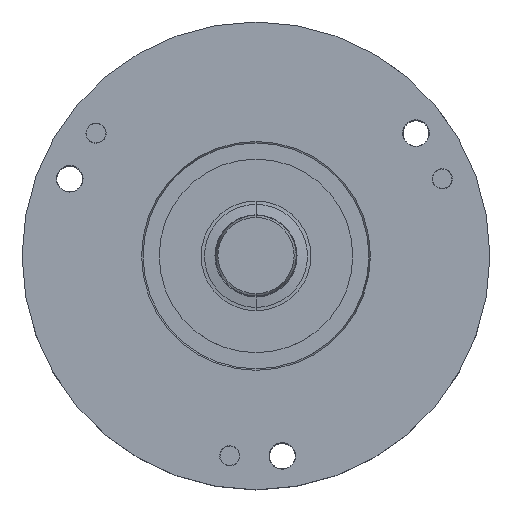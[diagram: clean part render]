
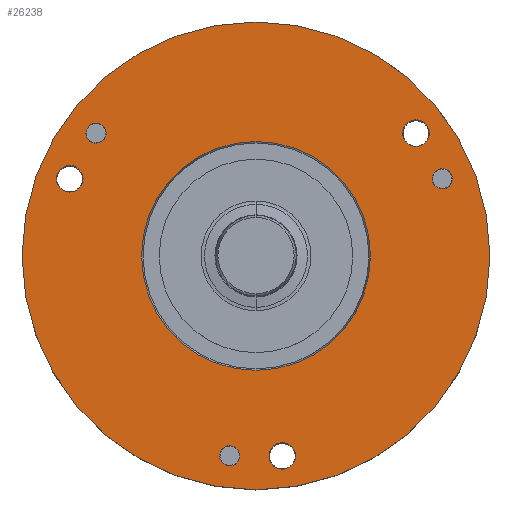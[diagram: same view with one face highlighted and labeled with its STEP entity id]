
A CAD part, top view. The second image highlights one B-rep face of the part: STEP entity #26238.
In plain terms, the highlighted planar face has unit normal (0, 0, 1).
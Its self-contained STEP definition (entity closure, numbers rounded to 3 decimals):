
#3980=CARTESIAN_POINT('',(0.,0.,25.));
#3981=DIRECTION('',(0.,0.,1.));
#3982=DIRECTION('',(1.,0.,0.));
#3983=AXIS2_PLACEMENT_3D('',#3980,#3981,#3982);
#3985=CARTESIAN_POINT('',(0.,0.,25.));
#3986=DIRECTION('',(0.,0.,1.));
#3987=DIRECTION('',(-1.,0.,0.));
#3988=AXIS2_PLACEMENT_3D('',#3985,#3986,#3987);
#3990=CARTESIAN_POINT('',(-19.834,15.219,25.));
#3991=DIRECTION('',(0.,0.,-1.));
#3992=DIRECTION('',(-0.793,0.609,0.));
#3993=AXIS2_PLACEMENT_3D('',#3990,#3991,#3992);
#3995=CARTESIAN_POINT('',(-19.834,15.219,25.));
#3996=DIRECTION('',(0.,0.,-1.));
#3997=DIRECTION('',(0.793,-0.609,0.));
#3998=AXIS2_PLACEMENT_3D('',#3995,#3996,#3997);
#4000=CARTESIAN_POINT('',(-3.263,-24.786,25.));
#4001=DIRECTION('',(0.,0.,-1.));
#4002=DIRECTION('',(-0.131,-0.991,0.));
#4003=AXIS2_PLACEMENT_3D('',#4000,#4001,#4002);
#4005=CARTESIAN_POINT('',(-3.263,-24.786,25.));
#4006=DIRECTION('',(0.,0.,-1.));
#4007=DIRECTION('',(0.131,0.991,0.));
#4008=AXIS2_PLACEMENT_3D('',#4005,#4006,#4007);
#4010=CARTESIAN_POINT('',(23.097,9.567,25.));
#4011=DIRECTION('',(0.,0.,-1.));
#4012=DIRECTION('',(0.924,0.383,0.));
#4013=AXIS2_PLACEMENT_3D('',#4010,#4011,#4012);
#4015=CARTESIAN_POINT('',(23.097,9.567,25.));
#4016=DIRECTION('',(0.,0.,-1.));
#4017=DIRECTION('',(-0.924,-0.383,0.));
#4018=AXIS2_PLACEMENT_3D('',#4015,#4016,#4017);
#4020=CARTESIAN_POINT('',(3.263,-24.786,25.));
#4021=DIRECTION('',(0.,0.,1.));
#4022=DIRECTION('',(0.,-1.,0.));
#4023=AXIS2_PLACEMENT_3D('',#4020,#4021,#4022);
#4025=CARTESIAN_POINT('',(3.263,-24.786,25.));
#4026=DIRECTION('',(0.,0.,1.));
#4027=DIRECTION('',(0.,1.,0.));
#4028=AXIS2_PLACEMENT_3D('',#4025,#4026,#4027);
#4030=CARTESIAN_POINT('',(19.834,15.219,25.));
#4031=DIRECTION('',(0.,0.,1.));
#4032=DIRECTION('',(0.,-1.,0.));
#4033=AXIS2_PLACEMENT_3D('',#4030,#4031,#4032);
#4035=CARTESIAN_POINT('',(19.834,15.219,25.));
#4036=DIRECTION('',(0.,0.,1.));
#4037=DIRECTION('',(0.,1.,0.));
#4038=AXIS2_PLACEMENT_3D('',#4035,#4036,#4037);
#4040=CARTESIAN_POINT('',(-23.097,9.567,25.));
#4041=DIRECTION('',(0.,0.,1.));
#4042=DIRECTION('',(0.,-1.,0.));
#4043=AXIS2_PLACEMENT_3D('',#4040,#4041,#4042);
#4045=CARTESIAN_POINT('',(-23.097,9.567,25.));
#4046=DIRECTION('',(0.,0.,1.));
#4047=DIRECTION('',(0.,1.,0.));
#4048=AXIS2_PLACEMENT_3D('',#4045,#4046,#4047);
#4059=CARTESIAN_POINT('',(0.,0.,25.));
#4060=DIRECTION('',(0.,0.,-1.));
#4061=DIRECTION('',(-1.,0.,0.));
#4062=AXIS2_PLACEMENT_3D('',#4059,#4060,#4061);
#4088=CARTESIAN_POINT('',(0.,0.,25.));
#4089=DIRECTION('',(0.,0.,-1.));
#4090=DIRECTION('',(1.,0.,0.));
#4091=AXIS2_PLACEMENT_3D('',#4088,#4089,#4090);
#20517=CARTESIAN_POINT('',(29.,0.,25.));
#20518=CARTESIAN_POINT('',(-29.,0.,25.));
#20519=VERTEX_POINT('',#20517);
#20520=VERTEX_POINT('',#20518);
#20597=CARTESIAN_POINT('',(-20.826,15.98,25.));
#20598=CARTESIAN_POINT('',(-18.842,14.458,25.));
#20599=VERTEX_POINT('',#20597);
#20600=VERTEX_POINT('',#20598);
#20601=CARTESIAN_POINT('',(-3.426,-26.025,25.));
#20602=CARTESIAN_POINT('',(-3.1,-23.547,25.));
#20603=VERTEX_POINT('',#20601);
#20604=VERTEX_POINT('',#20602);
#20605=CARTESIAN_POINT('',(24.252,10.045,25.));
#20606=CARTESIAN_POINT('',(21.942,9.089,25.));
#20607=VERTEX_POINT('',#20605);
#20608=VERTEX_POINT('',#20606);
#20707=CARTESIAN_POINT('',(14.188,0.,25.));
#20708=CARTESIAN_POINT('',(-14.188,0.,25.));
#20709=VERTEX_POINT('',#20707);
#20710=VERTEX_POINT('',#20708);
#20891=CARTESIAN_POINT('',(3.263,-26.436,25.));
#20892=CARTESIAN_POINT('',(3.263,-23.136,25.));
#20893=VERTEX_POINT('',#20891);
#20894=VERTEX_POINT('',#20892);
#20899=CARTESIAN_POINT('',(19.834,13.569,25.));
#20900=CARTESIAN_POINT('',(19.834,16.869,25.));
#20901=VERTEX_POINT('',#20899);
#20902=VERTEX_POINT('',#20900);
#20907=CARTESIAN_POINT('',(-23.097,7.917,25.));
#20908=CARTESIAN_POINT('',(-23.097,11.217,25.));
#20909=VERTEX_POINT('',#20907);
#20910=VERTEX_POINT('',#20908);
#26187=CARTESIAN_POINT('',(0.,0.,25.));
#26188=DIRECTION('',(0.,0.,1.));
#26189=DIRECTION('',(1.,0.,0.));
#26190=AXIS2_PLACEMENT_3D('',#26187,#26188,#26189);
#26191=PLANE('',#26190);
#26192=ORIENTED_EDGE('',*,*,#26167,.F.);
#26193=ORIENTED_EDGE('',*,*,#26181,.F.);
#26194=EDGE_LOOP('',(#26192,#26193));
#26195=FACE_OUTER_BOUND('',#26194,.F.);
#26197=ORIENTED_EDGE('',*,*,#26196,.F.);
#26199=ORIENTED_EDGE('',*,*,#26198,.F.);
#26200=EDGE_LOOP('',(#26197,#26199));
#26201=FACE_BOUND('',#26200,.F.);
#26203=ORIENTED_EDGE('',*,*,#26202,.F.);
#26205=ORIENTED_EDGE('',*,*,#26204,.F.);
#26206=EDGE_LOOP('',(#26203,#26205));
#26207=FACE_BOUND('',#26206,.F.);
#26209=ORIENTED_EDGE('',*,*,#26208,.F.);
#26211=ORIENTED_EDGE('',*,*,#26210,.F.);
#26212=EDGE_LOOP('',(#26209,#26211));
#26213=FACE_BOUND('',#26212,.F.);
#26215=ORIENTED_EDGE('',*,*,#26214,.F.);
#26217=ORIENTED_EDGE('',*,*,#26216,.F.);
#26218=EDGE_LOOP('',(#26215,#26217));
#26219=FACE_BOUND('',#26218,.F.);
#26221=ORIENTED_EDGE('',*,*,#26220,.T.);
#26223=ORIENTED_EDGE('',*,*,#26222,.T.);
#26224=EDGE_LOOP('',(#26221,#26223));
#26225=FACE_BOUND('',#26224,.F.);
#26227=ORIENTED_EDGE('',*,*,#26226,.T.);
#26229=ORIENTED_EDGE('',*,*,#26228,.T.);
#26230=EDGE_LOOP('',(#26227,#26229));
#26231=FACE_BOUND('',#26230,.F.);
#26233=ORIENTED_EDGE('',*,*,#26232,.T.);
#26235=ORIENTED_EDGE('',*,*,#26234,.T.);
#26236=EDGE_LOOP('',(#26233,#26235));
#26237=FACE_BOUND('',#26236,.F.);
#3984=CIRCLE('',#3983,29.);
#3989=CIRCLE('',#3988,29.);
#3994=CIRCLE('',#3993,1.25);
#3999=CIRCLE('',#3998,1.25);
#4004=CIRCLE('',#4003,1.25);
#4009=CIRCLE('',#4008,1.25);
#4014=CIRCLE('',#4013,1.25);
#4019=CIRCLE('',#4018,1.25);
#4024=CIRCLE('',#4023,1.65);
#4029=CIRCLE('',#4028,1.65);
#4034=CIRCLE('',#4033,1.65);
#4039=CIRCLE('',#4038,1.65);
#4044=CIRCLE('',#4043,1.65);
#4049=CIRCLE('',#4048,1.65);
#4063=CIRCLE('',#4062,14.188);
#4092=CIRCLE('',#4091,14.188);
#26167=EDGE_CURVE('',#20519,#20520,#3984,.T.);
#26181=EDGE_CURVE('',#20520,#20519,#3989,.T.);
#26196=EDGE_CURVE('',#20710,#20709,#4063,.T.);
#26198=EDGE_CURVE('',#20709,#20710,#4092,.T.);
#26202=EDGE_CURVE('',#20599,#20600,#3994,.T.);
#26204=EDGE_CURVE('',#20600,#20599,#3999,.T.);
#26208=EDGE_CURVE('',#20603,#20604,#4004,.T.);
#26210=EDGE_CURVE('',#20604,#20603,#4009,.T.);
#26214=EDGE_CURVE('',#20607,#20608,#4014,.T.);
#26216=EDGE_CURVE('',#20608,#20607,#4019,.T.);
#26220=EDGE_CURVE('',#20893,#20894,#4024,.T.);
#26222=EDGE_CURVE('',#20894,#20893,#4029,.T.);
#26226=EDGE_CURVE('',#20901,#20902,#4034,.T.);
#26228=EDGE_CURVE('',#20902,#20901,#4039,.T.);
#26232=EDGE_CURVE('',#20909,#20910,#4044,.T.);
#26234=EDGE_CURVE('',#20910,#20909,#4049,.T.);
#26238=ADVANCED_FACE('',(#26195,#26201,#26207,#26213,#26219,#26225,#26231,
#26237),#26191,.T.);

What you are asked to do: For the lines above, output exactly those from the line containing "#20606=CARTESIAN_POINT('',(21.942,9.089,25.));" through the line containing "#20894=VERTEX_POINT('',#20892);", and skip the others.

Response area:
#20606=CARTESIAN_POINT('',(21.942,9.089,25.));
#20607=VERTEX_POINT('',#20605);
#20608=VERTEX_POINT('',#20606);
#20707=CARTESIAN_POINT('',(14.188,0.,25.));
#20708=CARTESIAN_POINT('',(-14.188,0.,25.));
#20709=VERTEX_POINT('',#20707);
#20710=VERTEX_POINT('',#20708);
#20891=CARTESIAN_POINT('',(3.263,-26.436,25.));
#20892=CARTESIAN_POINT('',(3.263,-23.136,25.));
#20893=VERTEX_POINT('',#20891);
#20894=VERTEX_POINT('',#20892);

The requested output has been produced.